=== Begin Enclosure ===

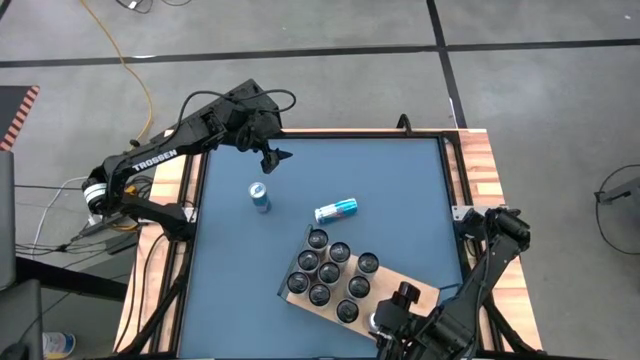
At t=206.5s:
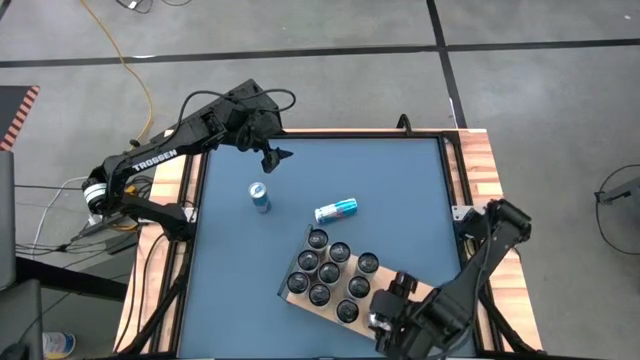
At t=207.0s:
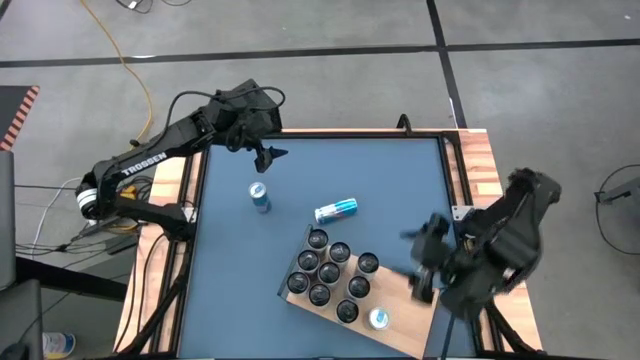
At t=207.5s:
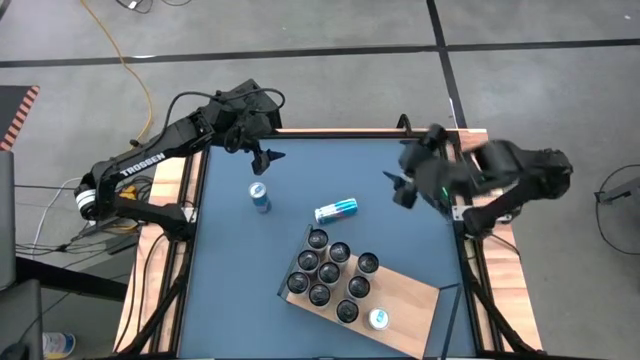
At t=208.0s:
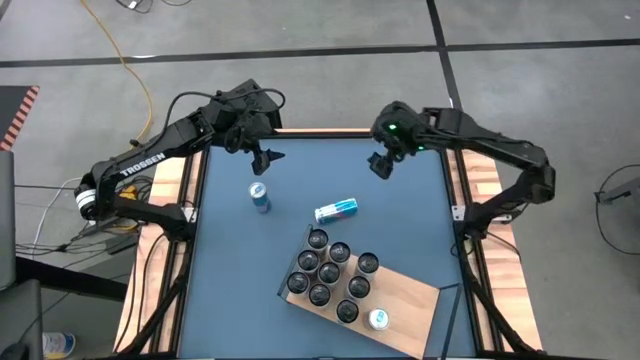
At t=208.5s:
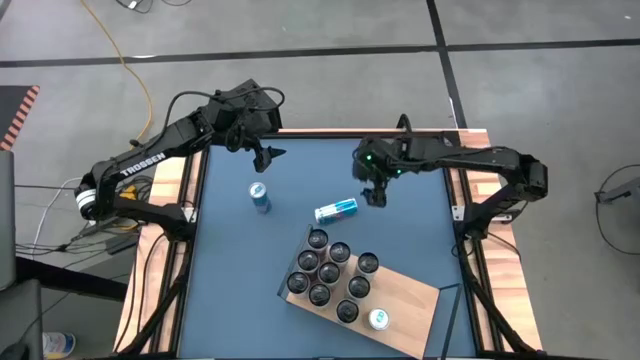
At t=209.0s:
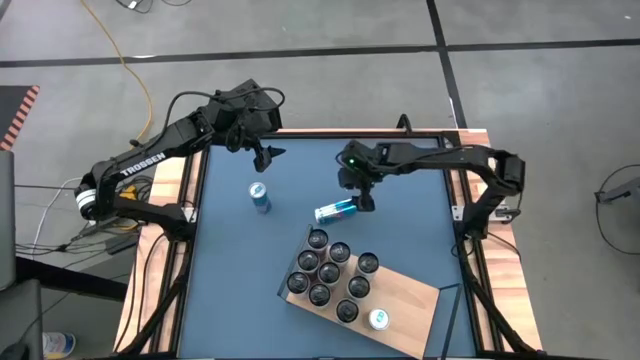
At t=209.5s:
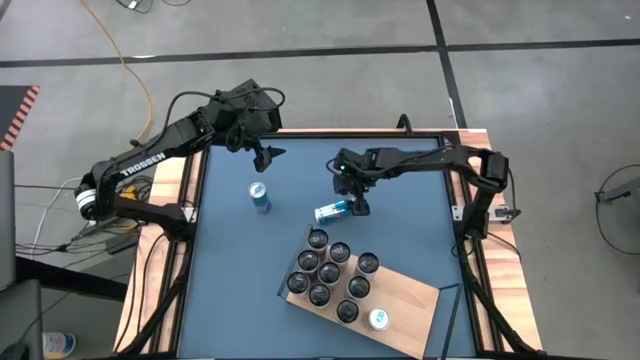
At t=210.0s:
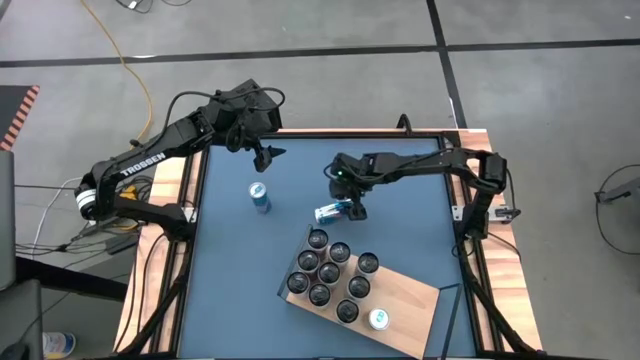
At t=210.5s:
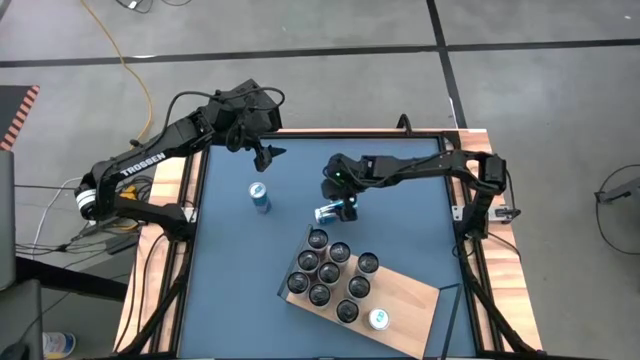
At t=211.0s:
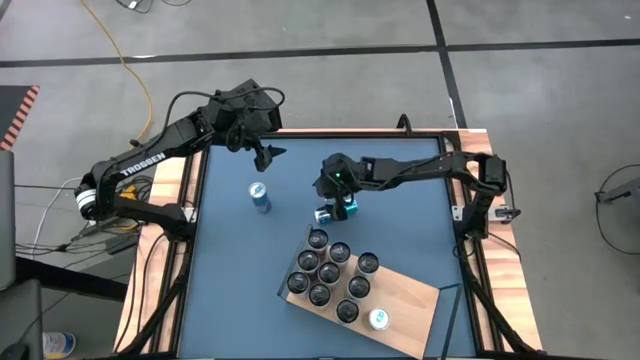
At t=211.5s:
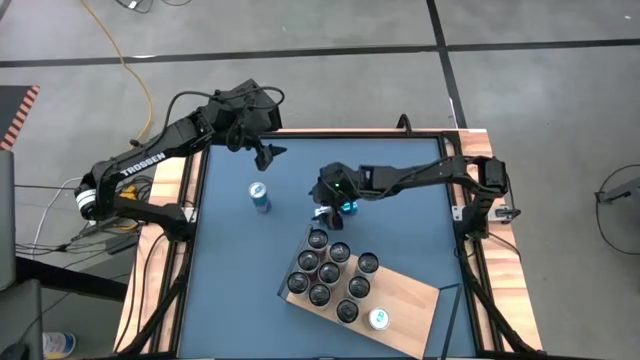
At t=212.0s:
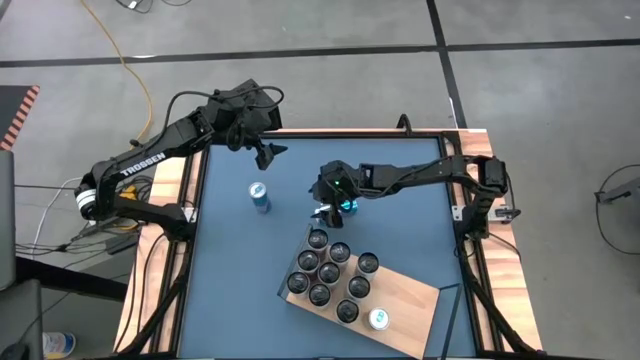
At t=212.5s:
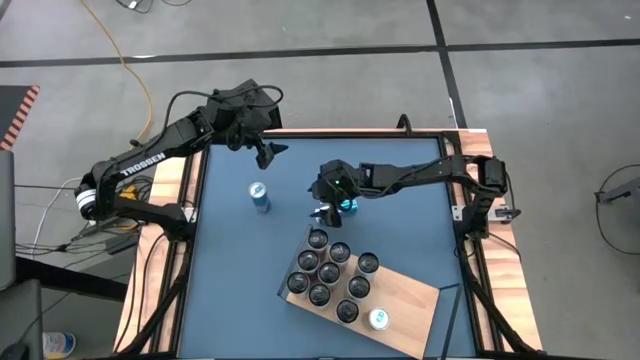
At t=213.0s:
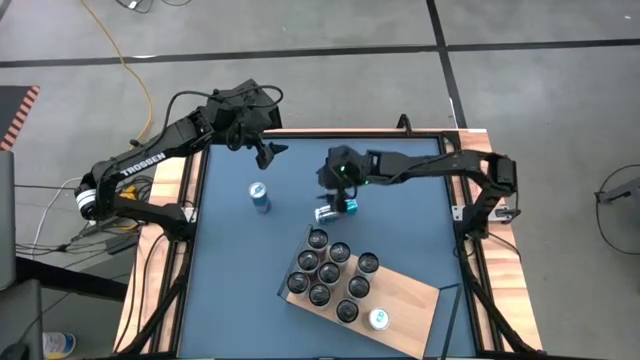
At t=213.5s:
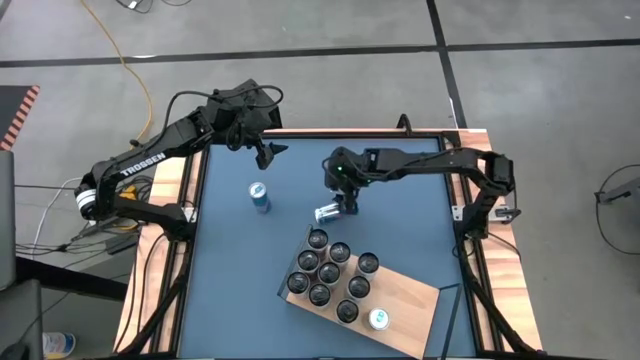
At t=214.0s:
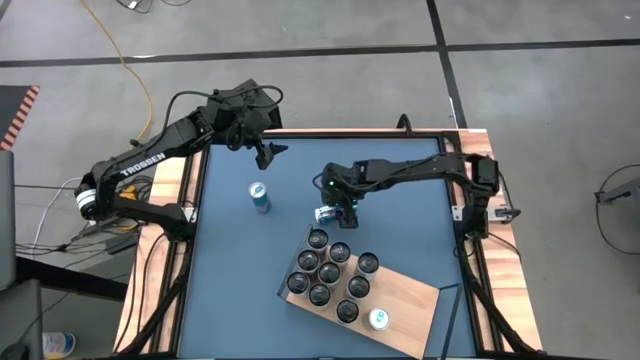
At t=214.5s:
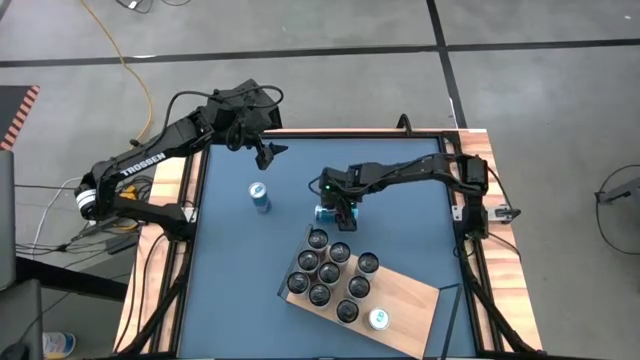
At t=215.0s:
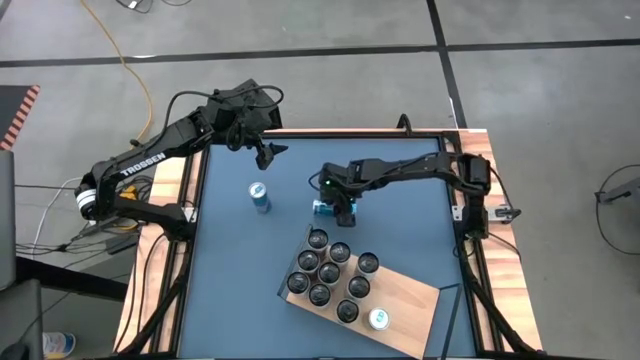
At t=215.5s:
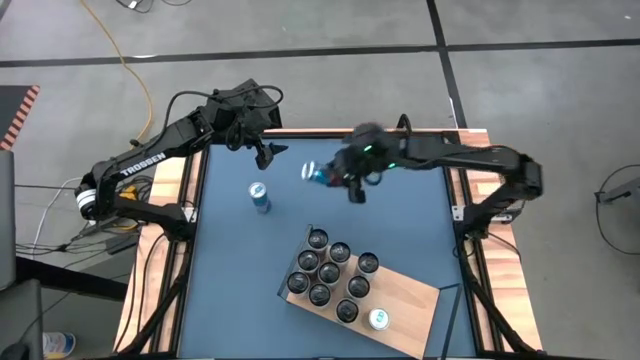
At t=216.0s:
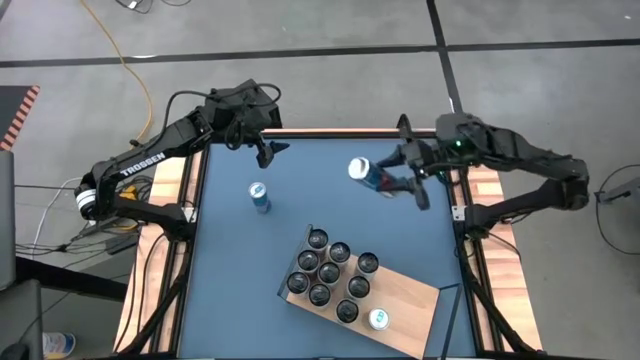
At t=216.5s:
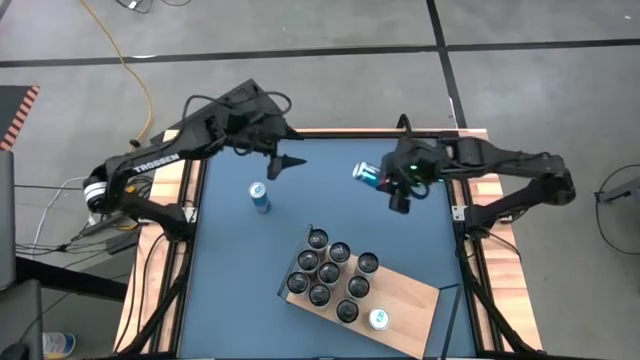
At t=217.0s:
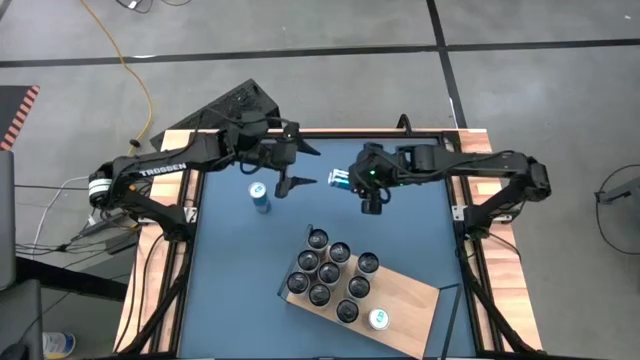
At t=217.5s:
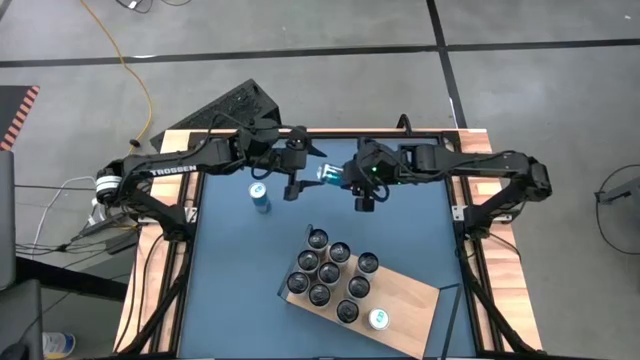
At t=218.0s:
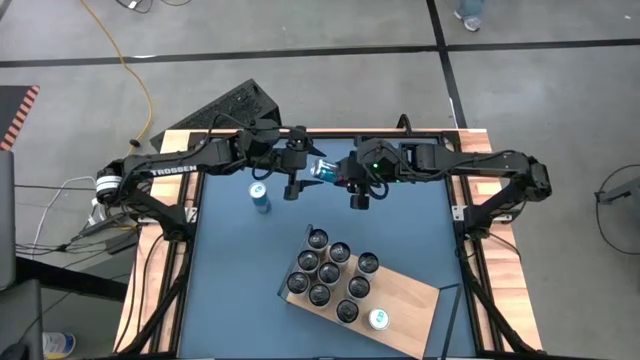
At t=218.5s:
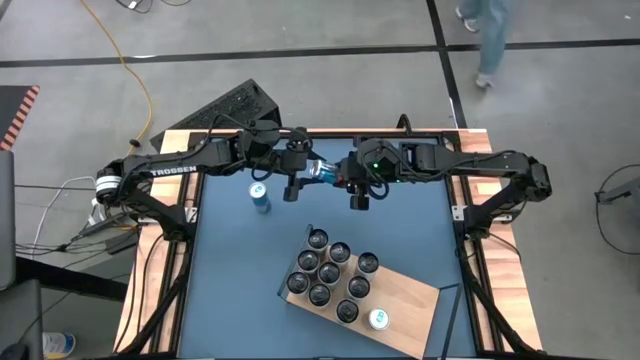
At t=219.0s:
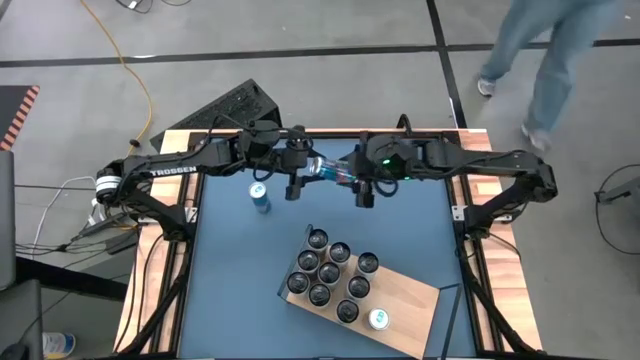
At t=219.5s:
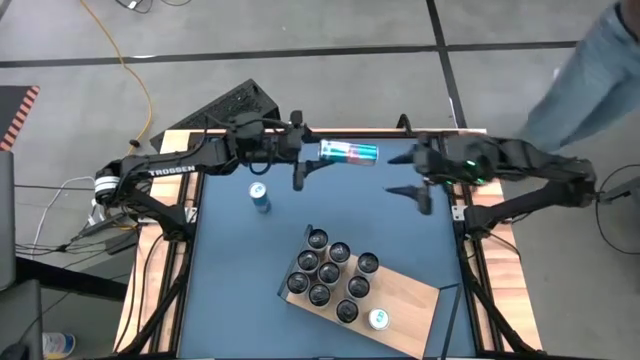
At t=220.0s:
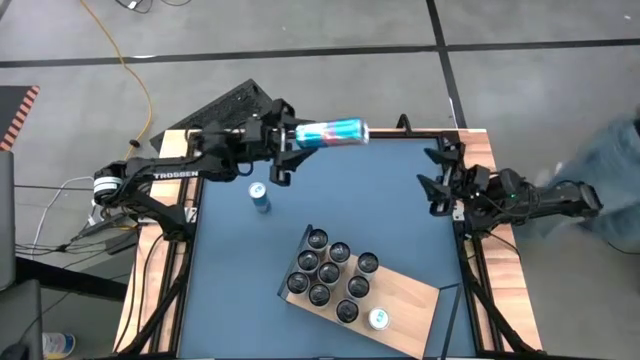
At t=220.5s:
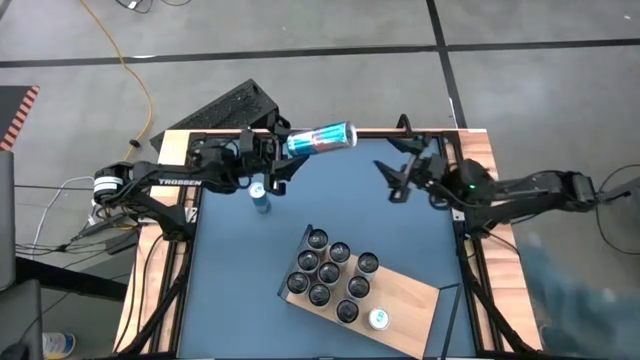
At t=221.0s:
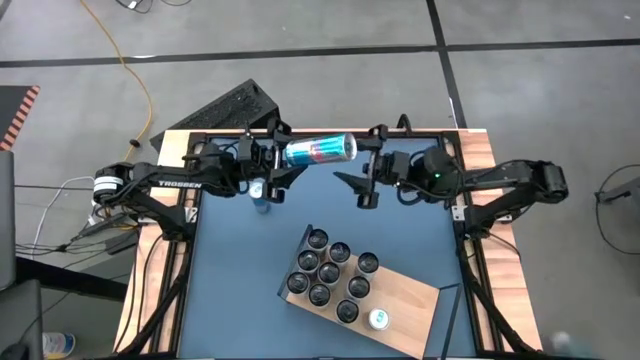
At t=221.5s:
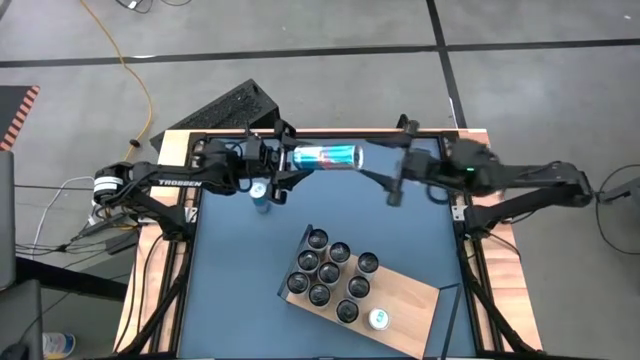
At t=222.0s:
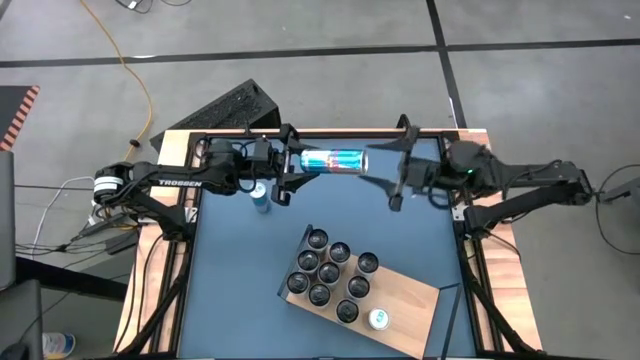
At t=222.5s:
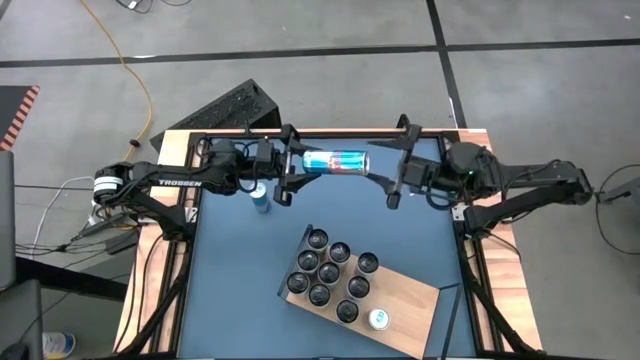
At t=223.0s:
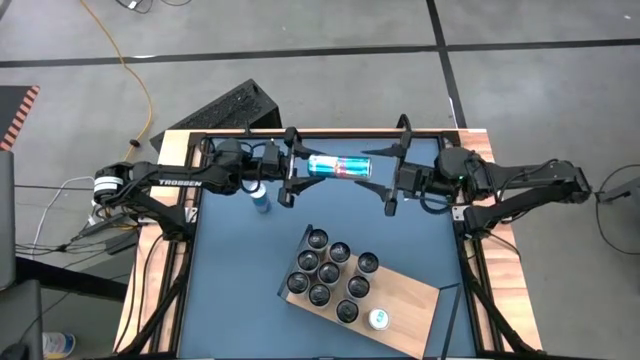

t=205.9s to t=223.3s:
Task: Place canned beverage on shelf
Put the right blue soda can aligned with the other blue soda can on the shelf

=== End Enclosure ===

- EXERCISE INSTRUCTIONS
Starting at the first entry above and ending at the last, write everything out exactly except the pictures.

- EXERCISE ANSWER
At t=206.5s:
At t=207.0s:
At t=207.5s:
At t=208.0s:
At t=208.5s:
At t=209.0s:
At t=209.5s:
At t=210.0s:
At t=210.5s:
At t=211.0s:
At t=211.5s:
At t=212.0s:
At t=212.5s:
At t=213.0s:
At t=213.5s:
At t=214.0s:
At t=214.5s:
At t=215.0s:
At t=215.5s:
At t=216.0s:
At t=216.5s:
At t=217.0s:
At t=217.5s:
At t=218.0s:
At t=218.5s:
At t=219.0s:
At t=219.5s:
At t=220.0s:
At t=220.5s:
At t=221.0s:
At t=221.5s:
At t=222.0s:
At t=222.5s:
At t=223.0s:

t=205.9s to t=223.3s:
Task: Place canned beverage on shelf
Put the right blue soda can aligned with the other blue soda can on the shelf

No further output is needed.